🤖 AI Summary
Traditional data augmentation struggles to manipulate high-level semantic attributes (e.g., material, texture), while existing diffusion-based approaches often incur prohibitive computational costs or yield low-fidelity generations. To address this, we propose a training-free synthetic data generation framework that synergistically integrates a pretrained ControlNet with a vision-language model (VLM) to enable multi-path prompt generation, automatic semantic mask construction, and high-quality image filtering. Our method efficiently produces diverse, pixel-accurately annotated images without human annotation, significantly boosting downstream task performance.
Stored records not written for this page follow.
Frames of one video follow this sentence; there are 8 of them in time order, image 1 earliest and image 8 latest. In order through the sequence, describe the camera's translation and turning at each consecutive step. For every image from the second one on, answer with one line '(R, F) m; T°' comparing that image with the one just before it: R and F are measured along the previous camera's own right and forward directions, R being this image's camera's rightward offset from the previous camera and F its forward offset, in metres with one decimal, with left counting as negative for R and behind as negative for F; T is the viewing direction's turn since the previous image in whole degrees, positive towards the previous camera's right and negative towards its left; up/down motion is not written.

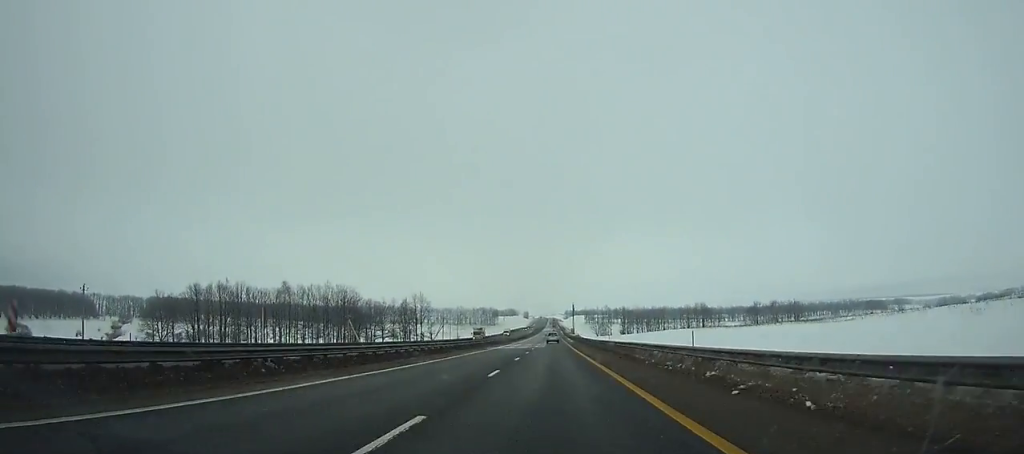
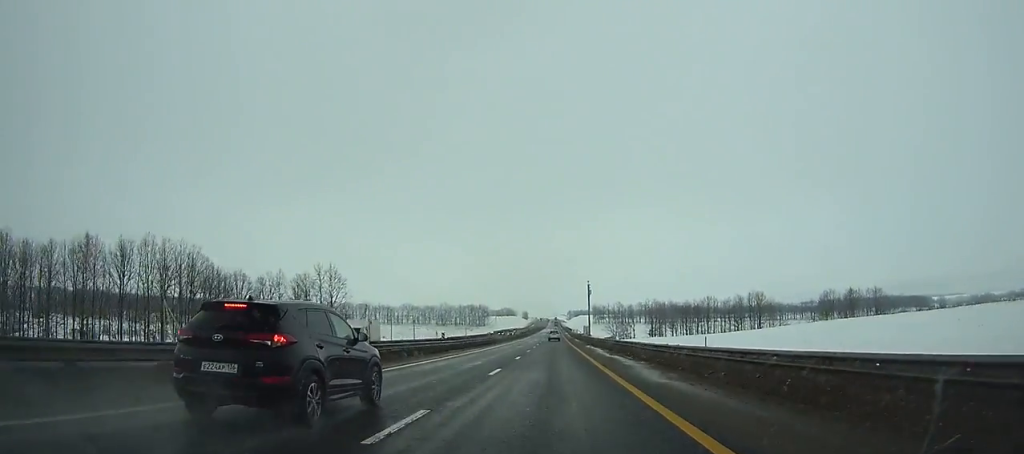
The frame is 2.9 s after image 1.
(0.0, +80.8) m; 0°
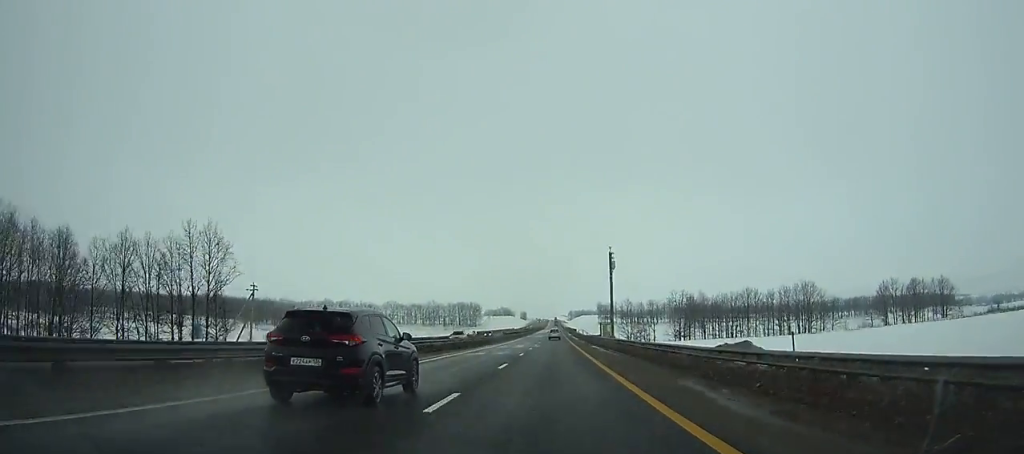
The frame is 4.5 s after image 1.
(+0.1, +44.4) m; 0°
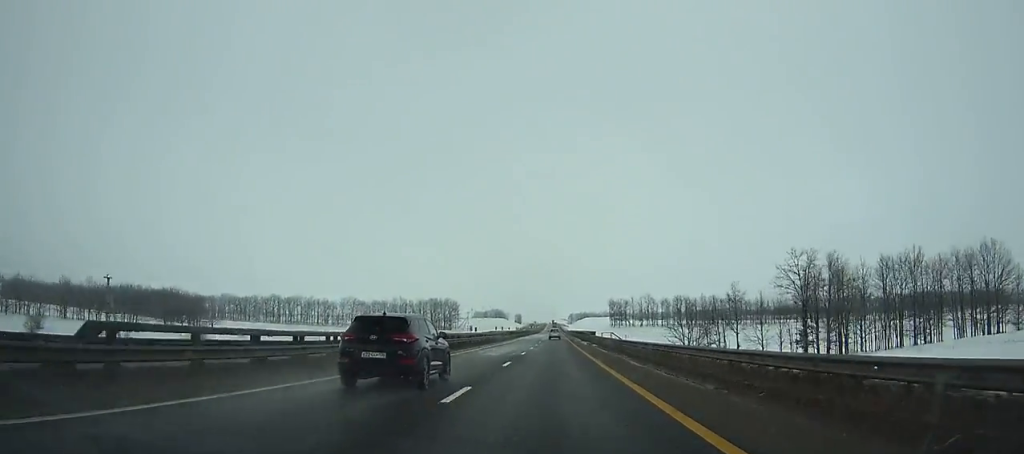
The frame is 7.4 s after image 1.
(+0.2, +80.1) m; 0°
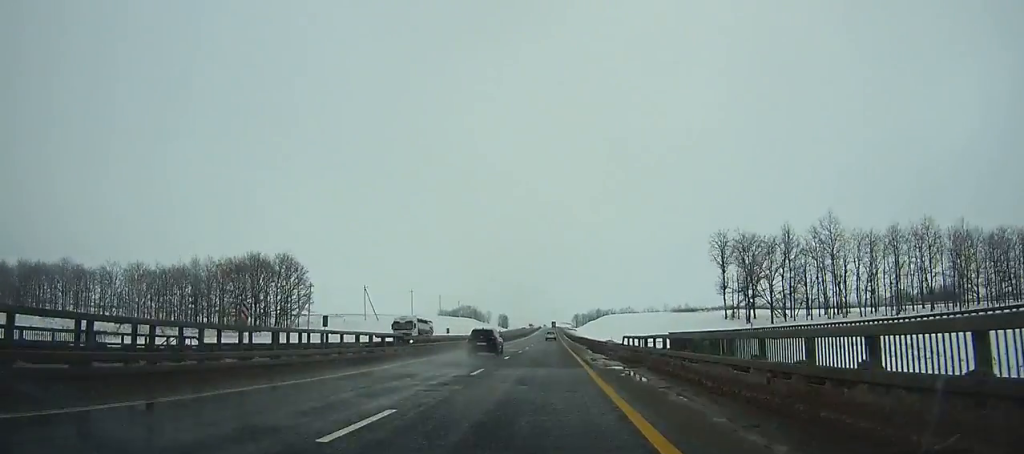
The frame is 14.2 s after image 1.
(+0.4, +186.6) m; 0°
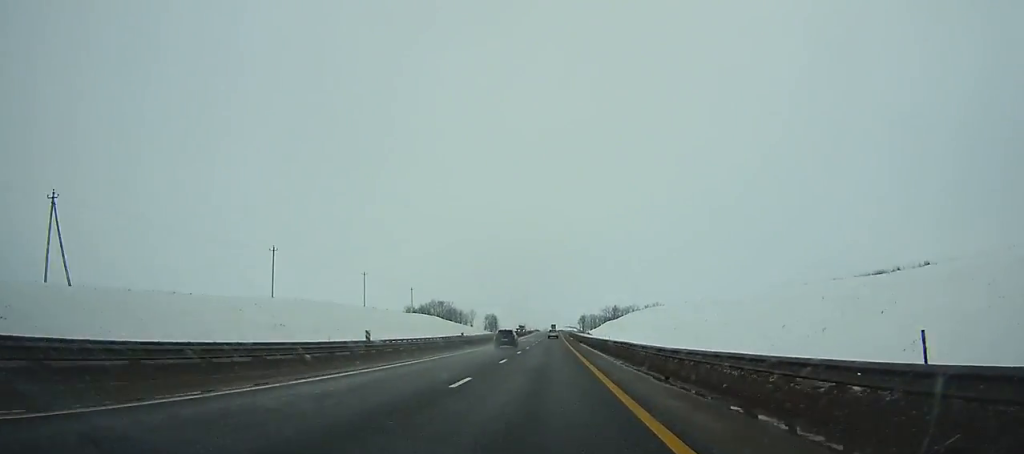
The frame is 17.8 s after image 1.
(-0.4, +99.9) m; 0°
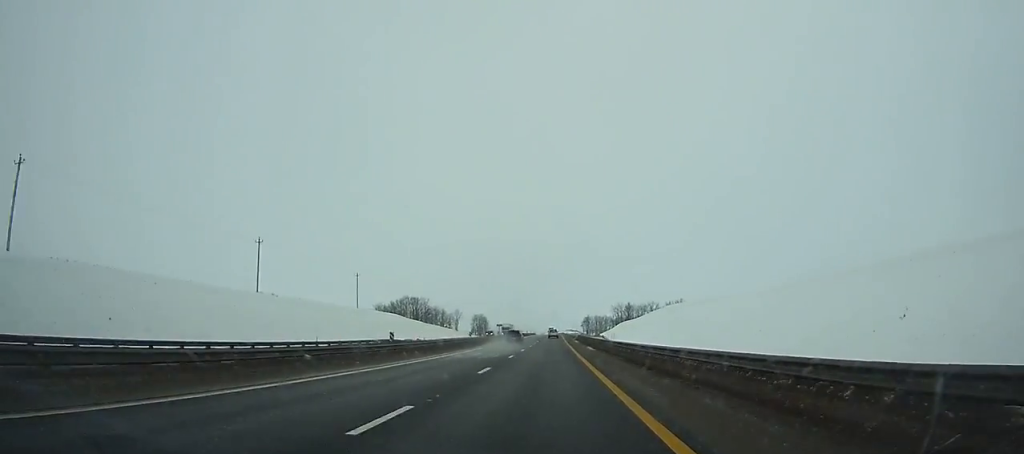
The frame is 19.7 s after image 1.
(+0.2, +53.4) m; 0°
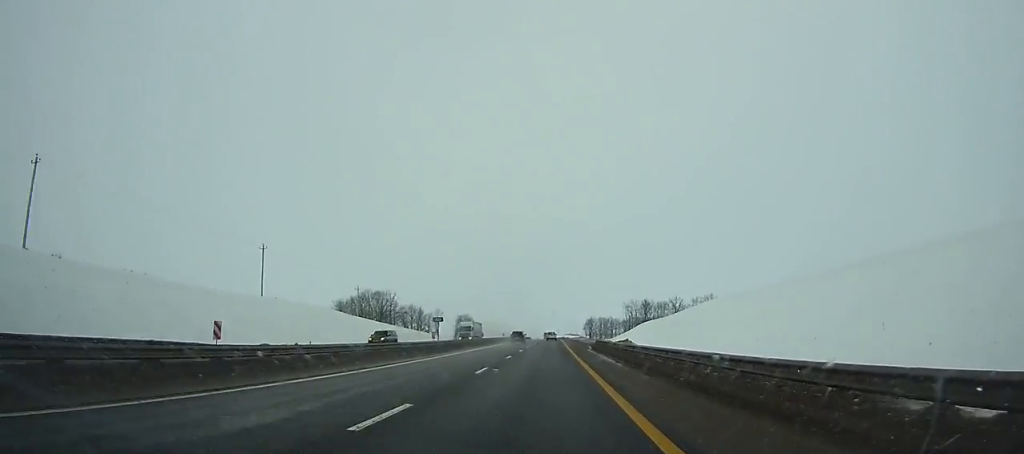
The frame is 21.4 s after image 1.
(+0.1, +47.9) m; 0°

In few-shot semantic segmentation on PASCAL-5i and COCO-20i, it surpasses current state-of-the-art methods, demonstrating superior semantic fidelity, diversity, and practical utility.
📝 Abstract
Generating enough and diverse data through augmentation offers an efficient solution to the time-consuming and labour-intensive process of collecting and annotating pixel-wise images. Traditional data augmentation techniques often face challenges in manipulating high-level semantic attributes, such as materials and textures. In contrast, diffusion models offer a robust alternative, by effectively utilizing text-to-image or image-to-image transformation. However, existing diffusion-based methods are either computationally expensive or compromise on performance. To address this issue, we introduce a novel training-free pipeline that integrates pretrained ControlNet and Vision-Language Models (VLMs) to generate synthetic images paired with pixel-level labels. This approach eliminates the need for manual annotations and significantly improves downstream tasks. To improve the fidelity and diversity, we add a Multi-way Prompt Generator, Mask Generator and High-quality Image Selection module. Our results on PASCAL-5i and COCO-20i present promising performance and outperform concurrent work for one-shot semantic segmentation.